What you will do -> May I have the line containing "main class: Woodland" and every line after it through the end of the data, repeated exactly and with no other lines?

Provided records Start Marker

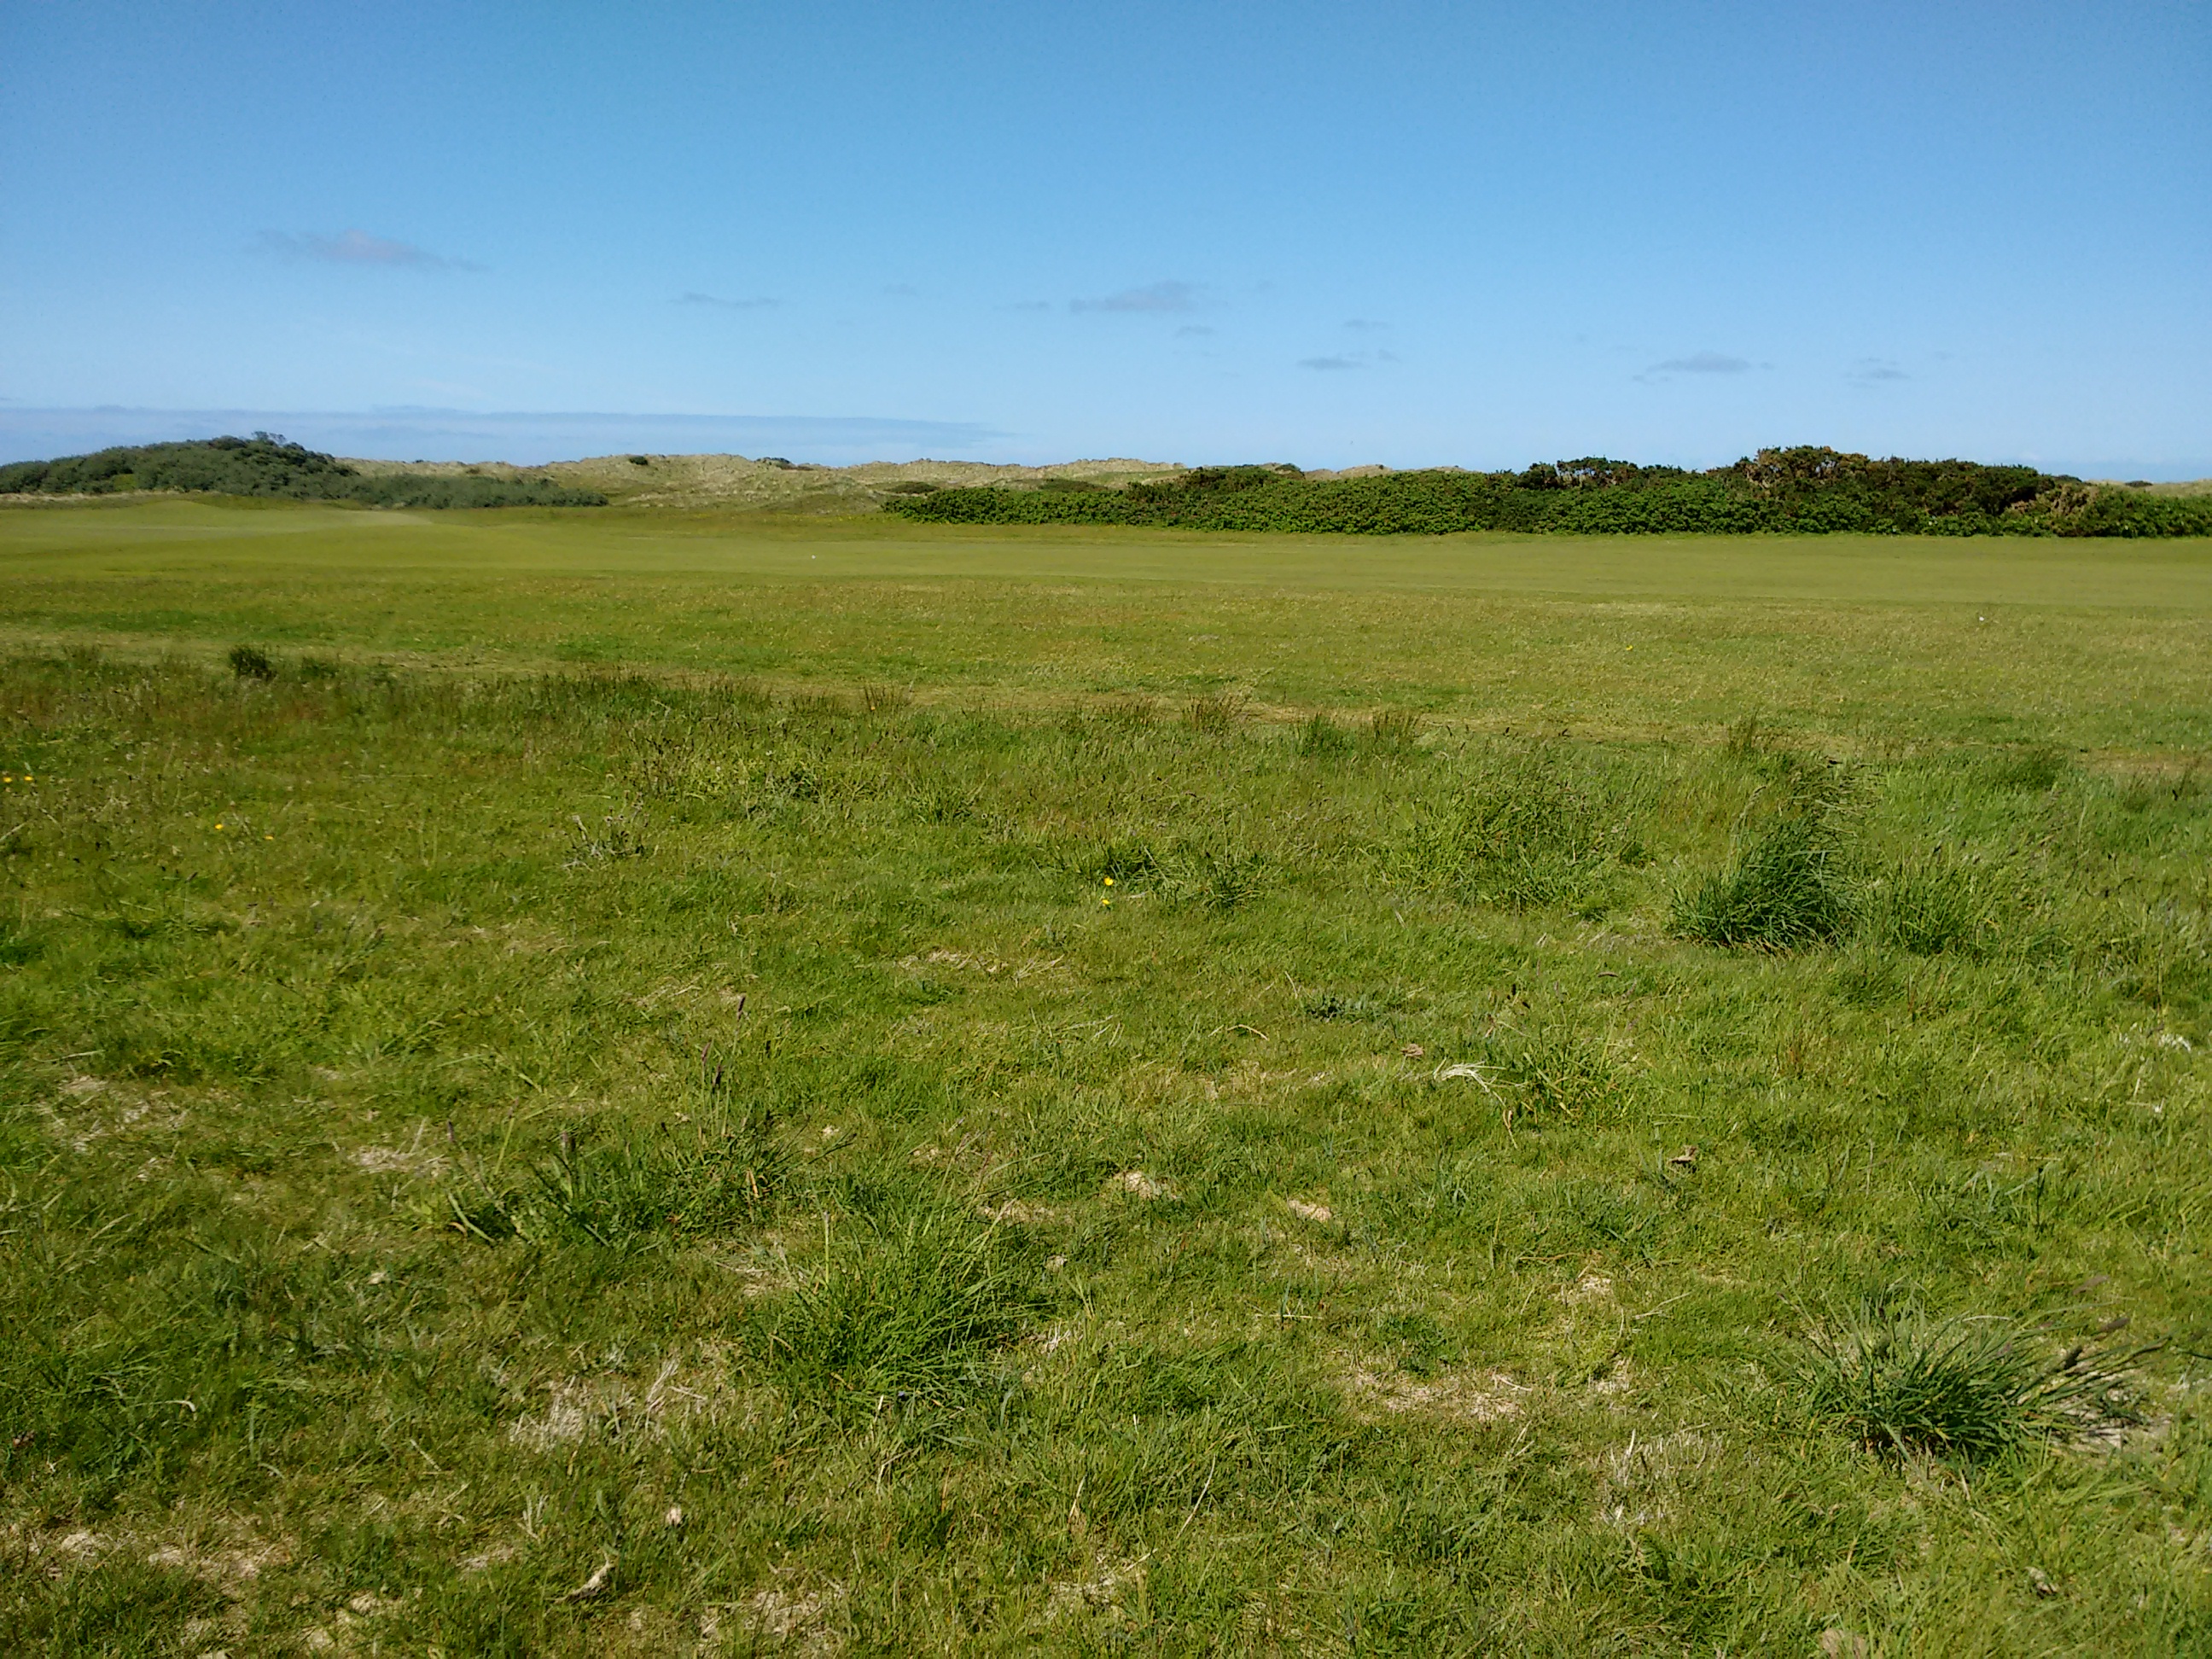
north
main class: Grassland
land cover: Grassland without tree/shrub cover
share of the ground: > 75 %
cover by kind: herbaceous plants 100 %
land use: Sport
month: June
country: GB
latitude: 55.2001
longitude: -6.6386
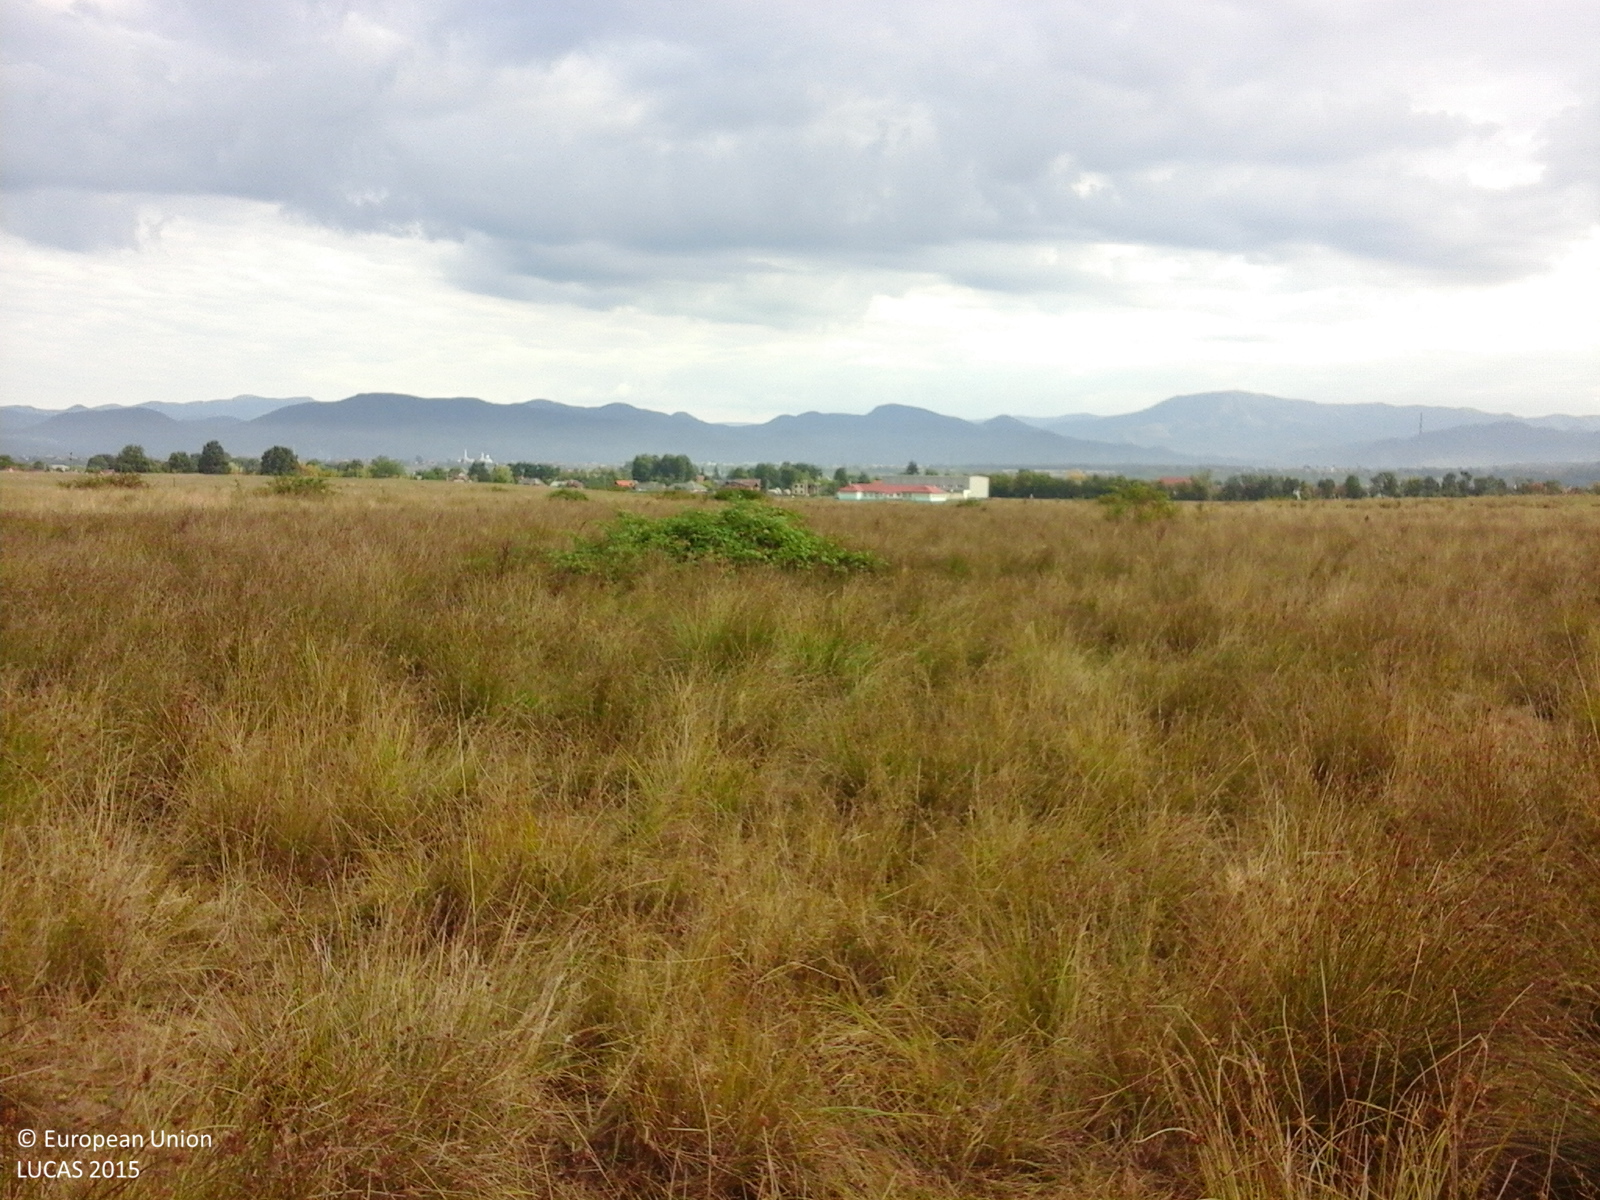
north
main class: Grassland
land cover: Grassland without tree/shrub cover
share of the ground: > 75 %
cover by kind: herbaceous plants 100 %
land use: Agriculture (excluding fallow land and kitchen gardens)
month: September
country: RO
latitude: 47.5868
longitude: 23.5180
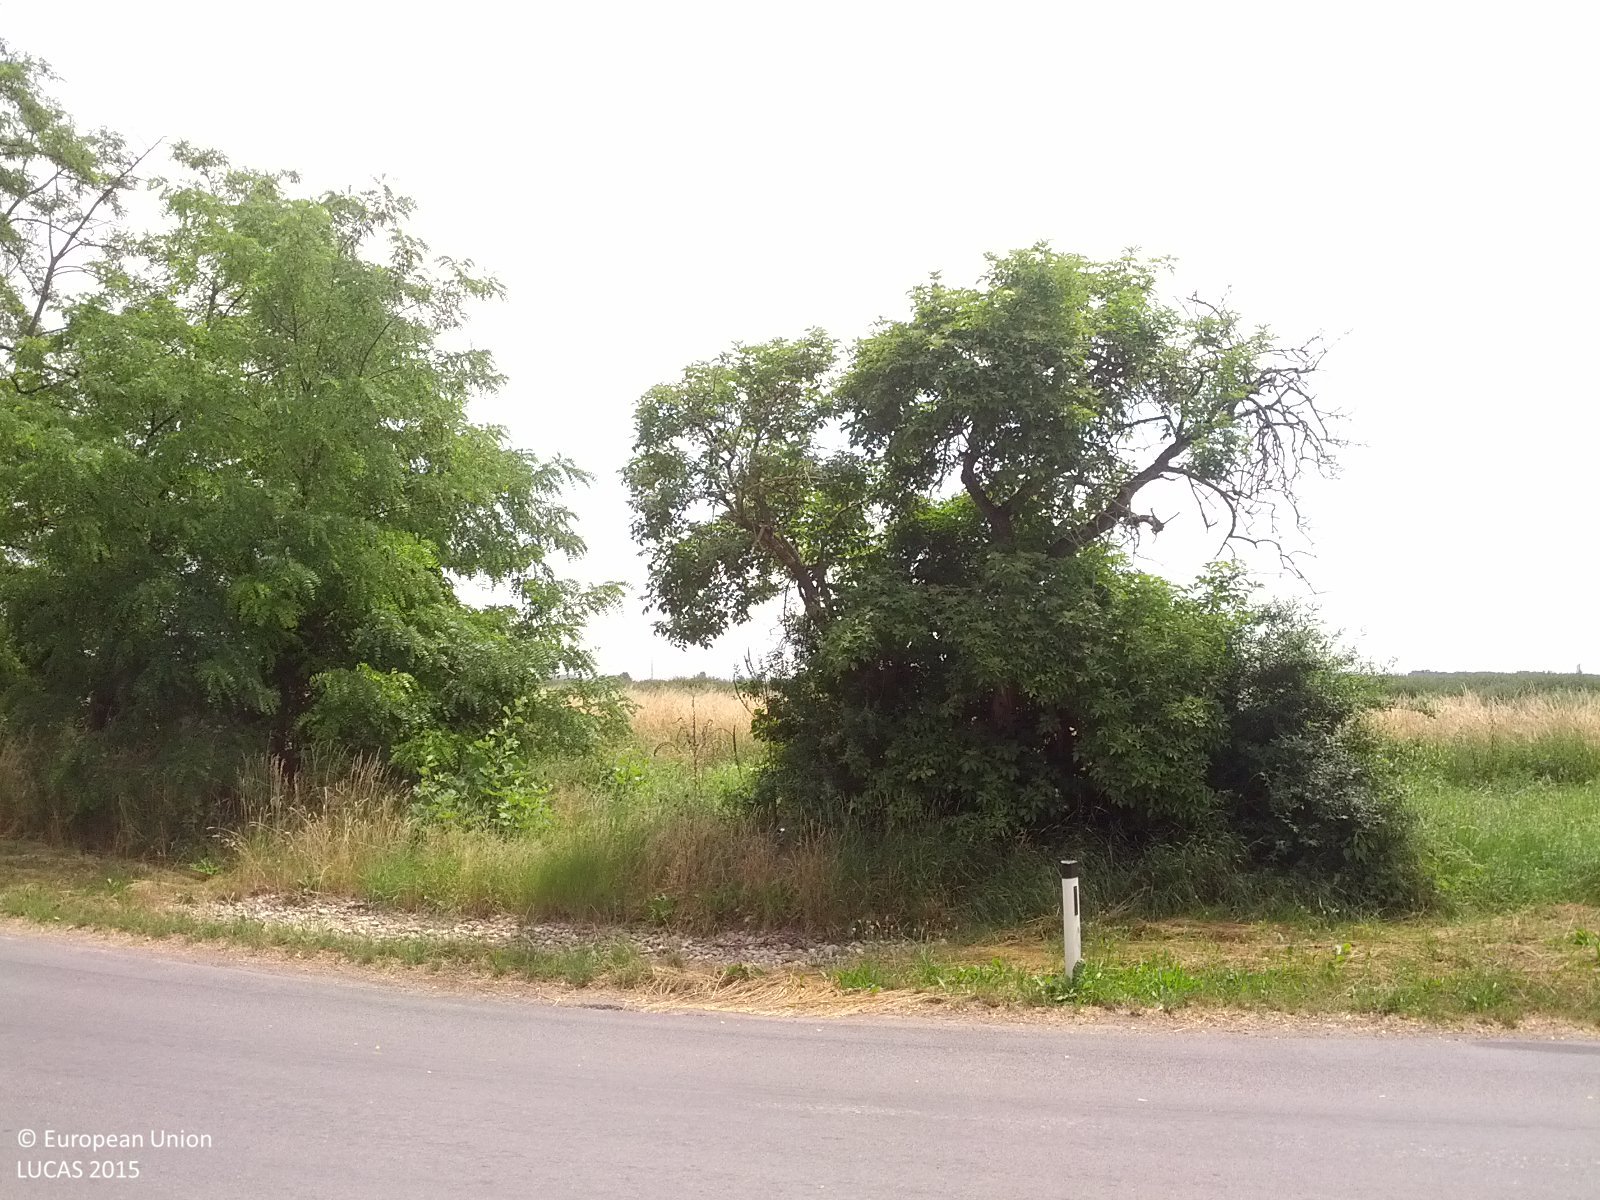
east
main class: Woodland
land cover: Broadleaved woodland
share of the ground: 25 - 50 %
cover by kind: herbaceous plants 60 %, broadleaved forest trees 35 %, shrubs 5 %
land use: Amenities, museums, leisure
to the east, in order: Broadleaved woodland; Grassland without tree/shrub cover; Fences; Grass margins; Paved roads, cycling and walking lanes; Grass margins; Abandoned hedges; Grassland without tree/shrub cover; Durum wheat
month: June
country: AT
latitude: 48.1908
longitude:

Provided records End Marker

Response area ->
main class: Woodland
land cover: Broadleaved woodland
share of the ground: 25 - 50 %
cover by kind: herbaceous plants 60 %, broadleaved forest trees 35 %, shrubs 5 %
land use: Amenities, museums, leisure
to the east, in order: Broadleaved woodland; Grassland without tree/shrub cover; Fences; Grass margins; Paved roads, cycling and walking lanes; Grass margins; Abandoned hedges; Grassland without tree/shrub cover; Durum wheat
month: June
country: AT
latitude: 48.1908
longitude:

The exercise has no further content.